Ант Келагаст с сомнением покачал головой. Произнес долгую фразу.
– Он сказал, что во время войны поданным князя Божа под страхом смерти запрещено показывать чужакам любую дорогу, – перевел Люк-Василиус. – Все опасаются готских шпионов. Но это еще не все, командир. Оказывается, местным не разрешено также продавать незнакомцам хлеб и мясо. Даже купцам. Наверное, на всякий случай.
С каменным выражением лица выслушав эту новость, Германик, неожиданно даже для себя, просто попросил анта:
– Помоги!
Тот понял без перевода. Молча, повернулся к своим гребцам, свистнул, призывая к вниманию, что-то раздельно произнес.
С банки, что была чуть поодаль, поспешно встал воин, больше напоминающий прямоугольный римский щит-скутум старых времен. Только значительно шире. Громадный, совершенно квадратный «щит», заполняя все пространство между банками гребцов, придвинулся к своему командиру.
– Как мог, я тебя проверил, – обращаясь к трибуну, заявил Келагаст. – Если папирус, что ты носишь на груди под броней, действительно так важен для нашего великого князя Божа, то тебе надо встретиться с ним поскорее. Вот тебе проводник. Откликается на прозвище Маломуж, а имя тебе знать не надо, такие правила для чужеземцев. Он неграмотен, зато изучил верный путь лучше любого картографа. Покажет, куда плыть, только корми его почаще. Оставишь Маломужа в княжьем городище на Борисфене. Оттуда до Самбатаса два дня пути.

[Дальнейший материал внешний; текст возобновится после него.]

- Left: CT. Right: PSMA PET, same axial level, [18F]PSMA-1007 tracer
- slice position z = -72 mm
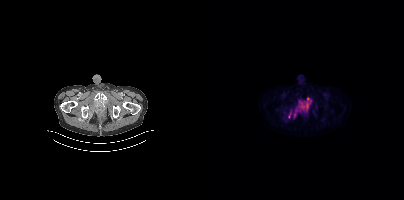
Findings: Coordinates are on the 200×200 PET (right) panel. (showing 2 of 3 foci) PSMA-avid tumor lesion bounding boxes (x, y, width, height): x=89 y=97 w=19 h=22 / x=85 y=109 w=4 h=6.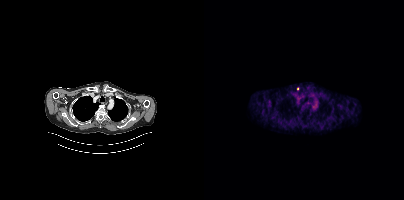
Left: CT. Right: PSMA PET, same axial level, [18F]PSMA-1007 tracer. Coordinates are on the 200×200 PET (right) panel. Small PSMA-avid focus (2 to 4 px across) near (center x, center y): (93, 88).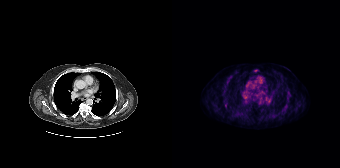
modality: PSMA PET/CT | tracer: [18F]PSMA-1007 | view: axial | PET grid: 168×168
No tumor lesions annotated on this slice.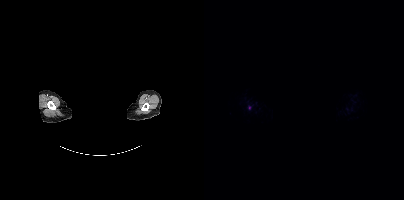
Technique: Left: CT. Right: PSMA PET, same axial level, 18F-PSMA tracer. slice position z = -306 mm. PET panel 200×200 px (4.1 mm/px).
Note: Privacy masking over the head, with the pixels inside a rectangle set to black.
Findings: Negative for PSMA-avid disease on this slice.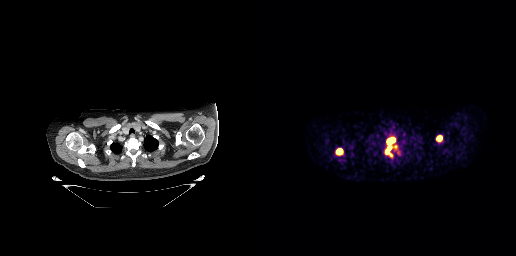
Findings: Coordinates are on the 256×256 PET (right) panel. PSMA-avid tumor lesion bounding boxes (x, y, width, height): x=125 y=137 w=11 h=21 / x=75 y=148 w=9 h=8 / x=177 y=136 w=5 h=5. Small PSMA-avid focus (2 to 4 px across) near (center x, center y): (135, 146).
Technique: Left: CT. Right: PSMA PET, same axial level, 68Ga tracer. slice 222 of 263. PET panel 256×256 px (2.7 mm/px).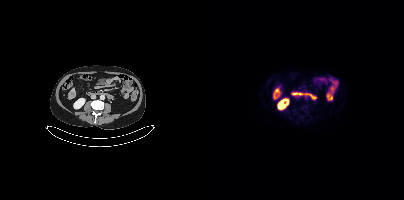
No tumor lesions annotated on this slice.
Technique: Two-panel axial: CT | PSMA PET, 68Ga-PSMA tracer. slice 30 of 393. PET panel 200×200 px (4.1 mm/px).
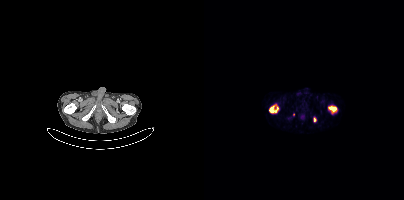
Findings: Coordinates are on the 200×200 PET (right) panel. PSMA-avid tumor lesion bounding boxes (x0,y0,x1,y1): [124,106,132,112], [66,106,69,112], [71,107,74,111]. Small PSMA-avid foci (2 to 4 px across) near (center x, center y): (111, 119), (89, 114).
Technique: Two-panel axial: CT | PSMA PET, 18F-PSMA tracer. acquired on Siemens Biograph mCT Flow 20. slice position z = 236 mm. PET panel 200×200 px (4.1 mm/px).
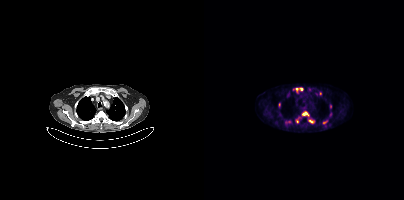
Findings: Coordinates are on the 200×200 PET (right) panel. (showing 8 of 9 foci) PSMA-avid tumor lesion bounding boxes (x0,y0,x1,y1): [98,111,105,116], [92,88,99,91], [105,120,110,123], [119,120,123,124]. Small PSMA-avid foci (2 to 4 px across) near (center x, center y): (83, 122), (75, 104), (93, 121), (116, 93).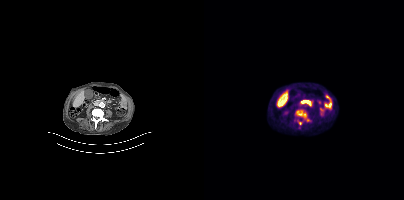
Coordinates are on the 200×200 PET (right) panel. PSMA-avid tumor lesion bounding boxes (x0,y0,x1,y1): [90,118,104,125]; [91,112,95,116]. Small PSMA-avid focus (2 to 4 px across) near (center x, center y): (95, 127). Two-panel axial: CT | PSMA PET, 18F-PSMA tracer. Slice position z = -1344 mm.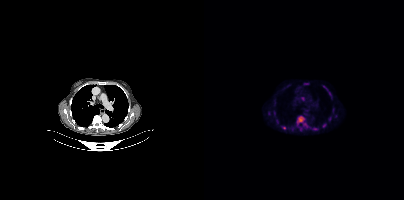
Coordinates are on the 200×200 PET (right) panel. (showing 10 of 11 foci) PSMA-avid tumor lesion bounding boxes (x0, y0)-(x1, y1): (93, 116)-(100, 123) | (125, 92)-(127, 98) | (119, 86)-(123, 89). Small PSMA-avid foci (2 to 4 px across) near (center x, center y): (101, 124) | (80, 128) | (98, 98) | (70, 112) | (65, 113) | (111, 128) | (120, 125).
modality: PSMA PET/CT | tracer: 18F-PSMA | view: axial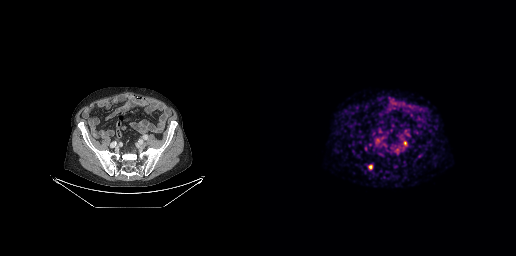
{"modality":"PSMA PET/CT","view":"axial","tracer":"[68Ga]Ga-PSMA-11","pet_grid":[256,256],"coord_frame":"pet_panel","coord_format":"x0,y0,x1,y1","lesion_bboxes":[[108,165,112,169],[143,141,146,145]]}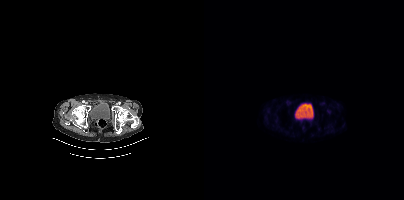
{"modality":"PSMA PET/CT","view":"axial","tracer":"68Ga-PSMA","pet_grid":[200,200],"coord_frame":"pet_panel","coord_format":"x0,y0,x1,y1","psma_avid_lesions":false}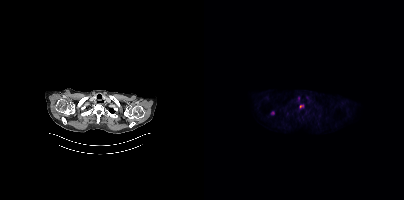
Left: CT. Right: PSMA PET, same axial level, 18F tracer. Acquired on Siemens Biograph mCT Flow 20. Slice 350 of 421. PET panel 200×200 px (4.1 mm/px). Coordinates are on the 200×200 PET (right) panel. Small PSMA-avid foci (2 to 4 px across) near (center x, center y): (97, 106); (68, 113).
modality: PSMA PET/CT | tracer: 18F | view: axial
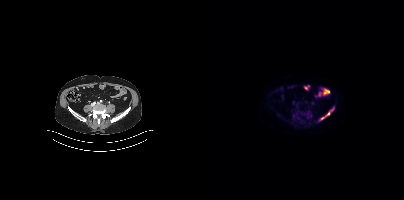
Coordinates are on the 200×200 PET (right) panel. PSMA-avid tumor lesion bounding box (x0, y0)-(x1, y1): (116, 108)-(130, 120). Small PSMA-avid focus (2 to 4 px across) near (center x, center y): (89, 115).
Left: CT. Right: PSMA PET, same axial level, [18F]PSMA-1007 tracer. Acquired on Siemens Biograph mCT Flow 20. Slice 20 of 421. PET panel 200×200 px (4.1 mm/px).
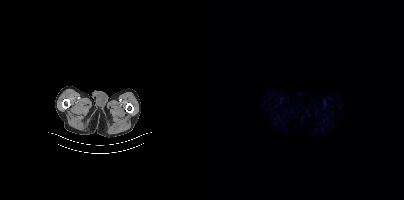
No tumor lesions annotated on this slice.

Воевода повернулся к Маломужу, долго что-то объяснял. На ясном и светлом, как полная луна, лице здоровяка не отобразилось ровным счетом ничего. Но когда Келагаст закончил, выразительно указав на Константина Германика, мол, «поступаешь в его распоряжение», тот почтительно поклонился.
– Поучись дисциплине у антов! – повеселев, бросил Константин Германик Люту-Василиусу.
– Я же пират, хоть и крещенный, – подыгрывая командиру, радостно ответил Лют. С проводником шансы увидеть родных на острове посреди озера Нобель возросли многократно.
На берег пришлось делать две ходки. Первым отправили Маломужа с Шемякой. И без того низкая лодка осела так, что бортами зачерпывала воду. Когда наконец дошла до берега, зрители на командной лодии антов с облегчением вздохнули.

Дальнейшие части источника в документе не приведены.